Bacterial conjugation is one of the most abundant horizontal gene transfer (HGT) mechanisms, playing a fundamental role in prokaryote evolution. A better understanding of bacterial conjugation and its cross talk with the environment is needed for a more complete understanding of HGT mechanisms and to fight the dissemination of malicious genes between bacteria. Here, we studied the effect of outer space, microgravity, and additional key environmental cues on transfer (tra) gene expression and conjugation efficiency, using the under studied broad-host range plasmid pN3, as a model. High resolution scanning electron microscopy revealed the morphology of the pN3 conjugative pili and mating pair formation during conjugation. Using a nanosatellite carrying a miniaturized lab, we studied pN3 conjugation in outer space, and used qRT-PCR, Western blotting and mating assays to determine the effect of ground physicochemical parameters on tra gene expression and conjugation. We showed for the first time that bacterial conjugation can occur in outer space and on the ground, under microgravity-simulated conditions. Furthermore, we demonstrated that microgravity, liquid media, elevated temperature, nutrient depletion, high osmolarity and low oxygen significantly reduce pN3 conjugation. Interestingly, under some of these conditions we observed an inverse correlation between tra gene transcription and conjugation frequency and found that induction of at least traK and traL can negatively affect pN3 conjugation frequency in a dose-dependent manner. Collectively, these results uncover pN3 regulation by various environmental cues and highlight the diversity of conjugation systems and the different ways in which they may be regulated in response to abiotic signals.

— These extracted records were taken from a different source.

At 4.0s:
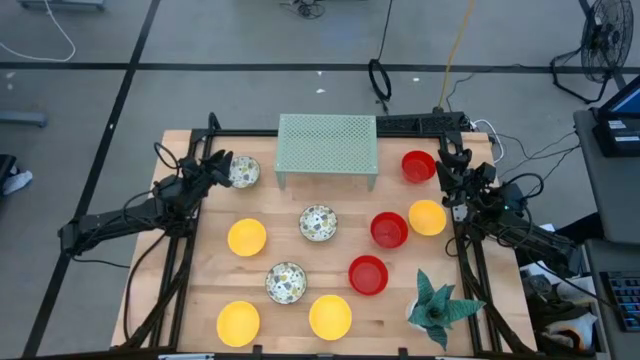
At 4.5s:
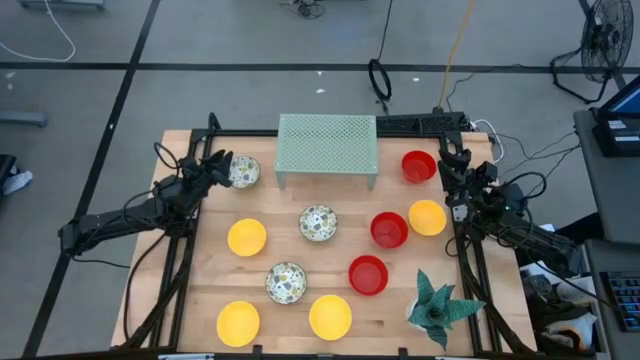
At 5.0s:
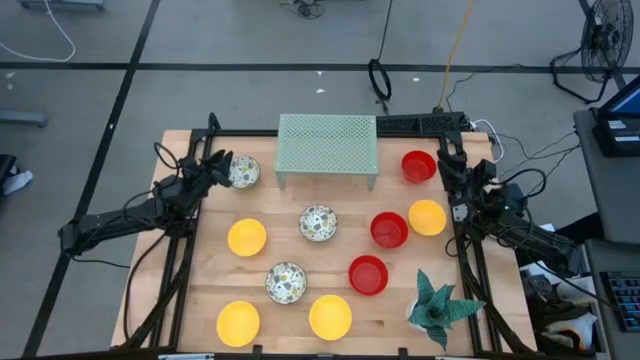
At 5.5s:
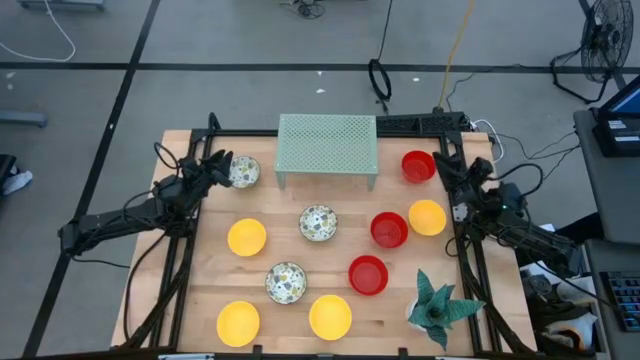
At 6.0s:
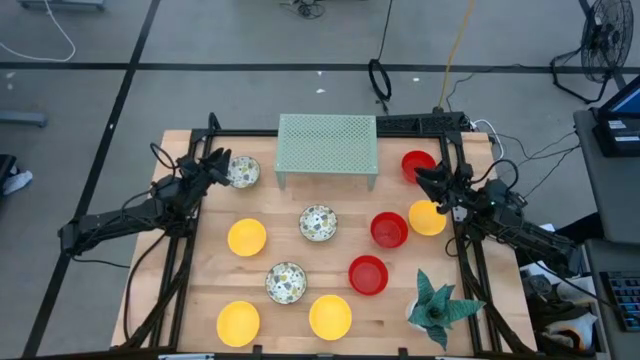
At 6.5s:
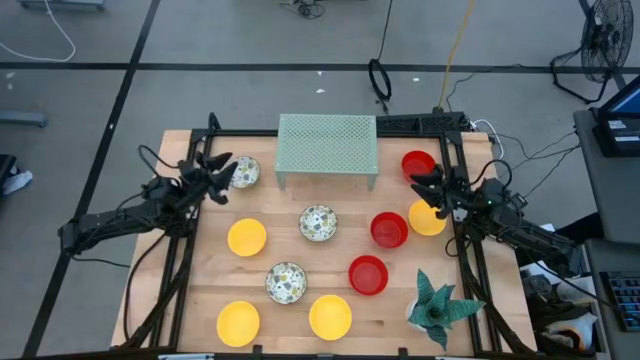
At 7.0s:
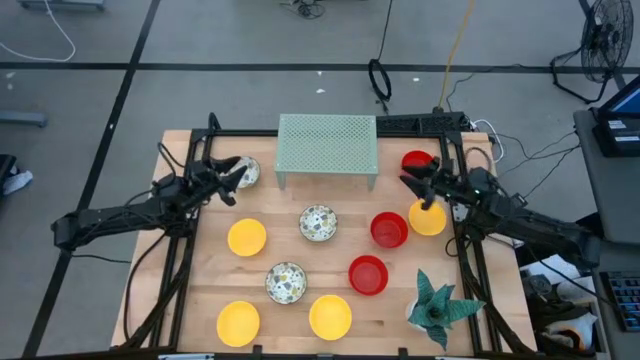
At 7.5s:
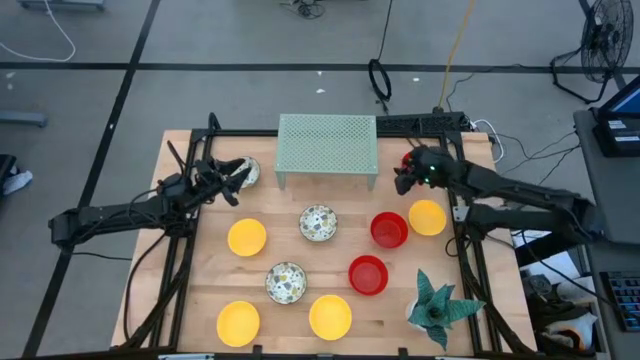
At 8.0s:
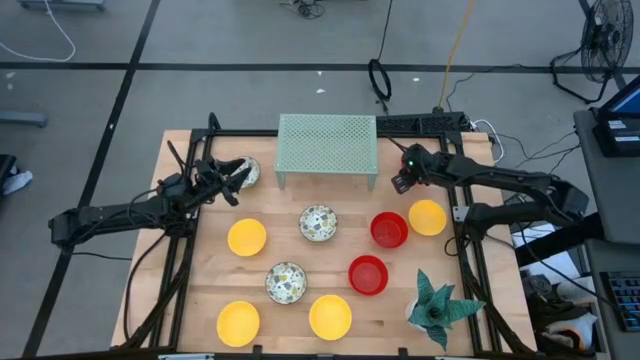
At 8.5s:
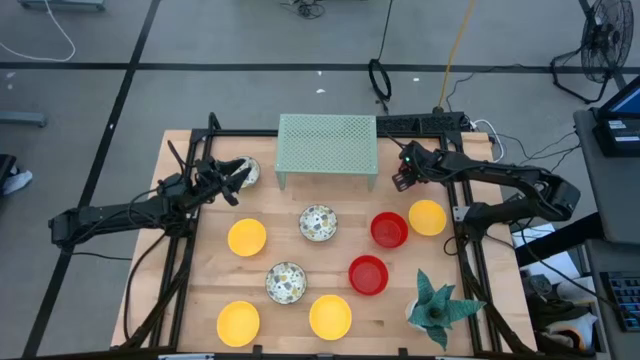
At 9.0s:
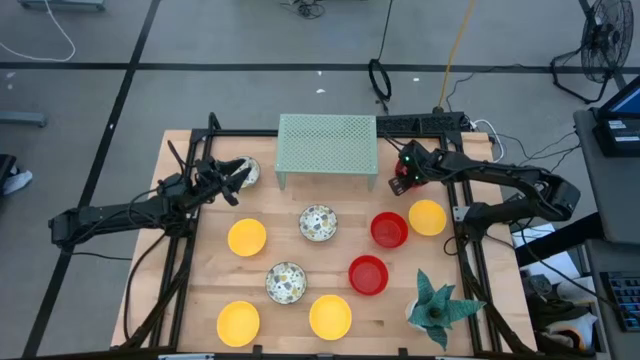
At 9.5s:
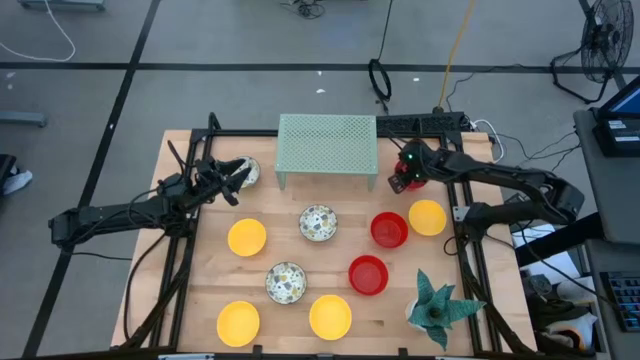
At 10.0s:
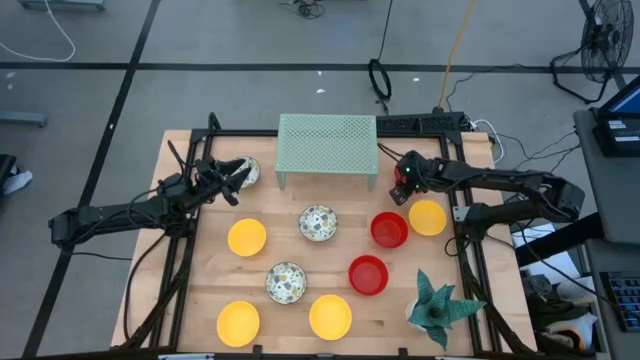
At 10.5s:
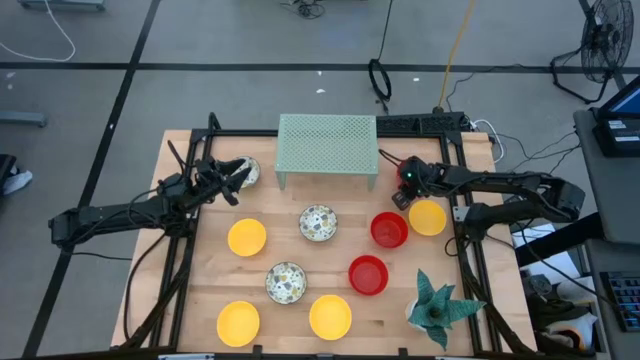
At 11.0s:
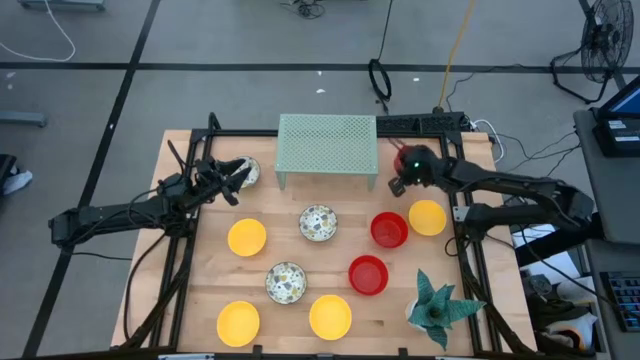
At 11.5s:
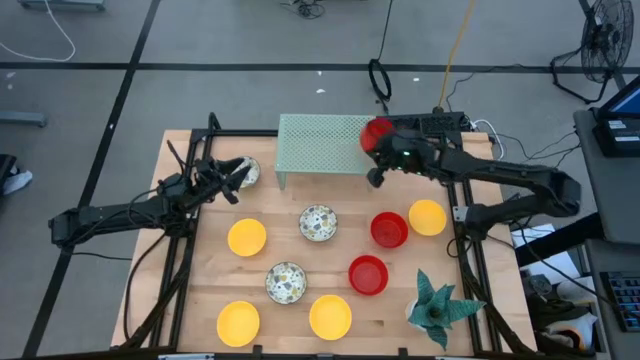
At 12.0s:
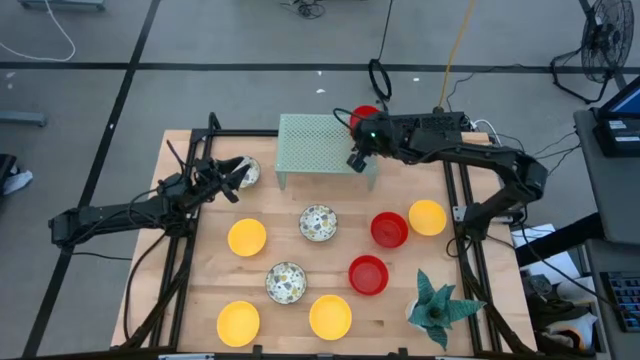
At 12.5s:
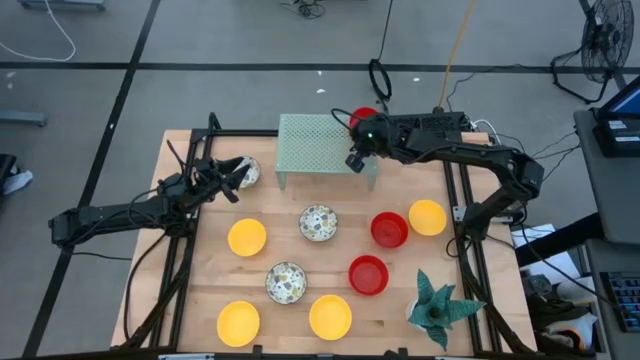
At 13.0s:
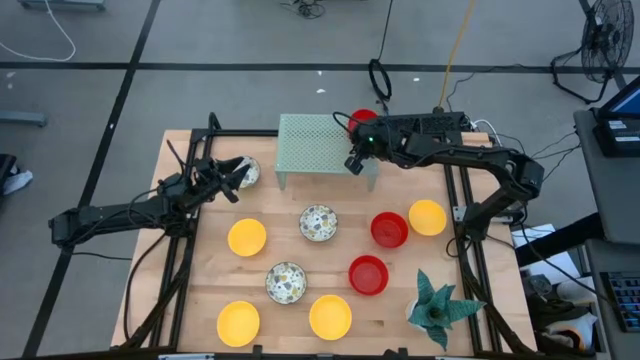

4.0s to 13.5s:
Task: Pick & Place Mini bowls
Put the red bowl on the shelf

IMPORTANCE Bacterial conjugation is a highly ubiquitous and promiscuous process, by which a donor bacterium transfers a large portion of genetic material to a recipient cell. This mechanism of horizontal gene transfer plays an important role in bacterial evolution and in the ability of bacteria to acquire resistance to antimicrobial drugs and disinfectants. Bacterial conjugation is a complex and energy-consuming process, that is tightly regulated and largely affected by various environmental signals sensed by the bacterial cell. Comprehensive knowledge about bacterial conjugation and the ways it is affected by environmental cues is required to better understand bacterial ecology and evolution and to find new effective ways to counteract the threating dissemination of antibiotic resistance genes between bacterial populations. Moreover, characterizing this process under stress or suboptimal growth conditions such as elevated temperatures, high salinity or in the outer space, may provide insights relevant to future habitat environmental conditions.

INTRODUCTION

Horizontal gene transfer (HGT) is a powerful force in prokaryote evolution, in which foreign DNA from a distinct (and often distantly) genetic origin is being delivered and assimilated in the genome of the accepting bacterial cell (1, 2). Today, three canonical HGT mechanisms, termed transformation, transduction, and conjugation (3, 4) and a fourth mode of intercellular DNA transfer called vesiduction, which involves secretion and uptake of extracellular vesicles (5), are known. From all HGT mechanisms characterized so far, conjugation is the most common route for the dissemination of resistance and virulence genes among bacteria (6, 7). The process of conjugation involves the transfer of DNA in a unidirectional manner from a donor bacterium to a recipient cell by transenvelope channel structures, through which DNA can pass. The conjugative systems with the highest complexity are those encoded by Gram-negative bacteria either by relatively large, self-transmissible plasmids or by chromosomally integrated mobile genetic units called integrated conjugative elements (ICEs), that can be excised and move between cells as a plasmid intermediate (8).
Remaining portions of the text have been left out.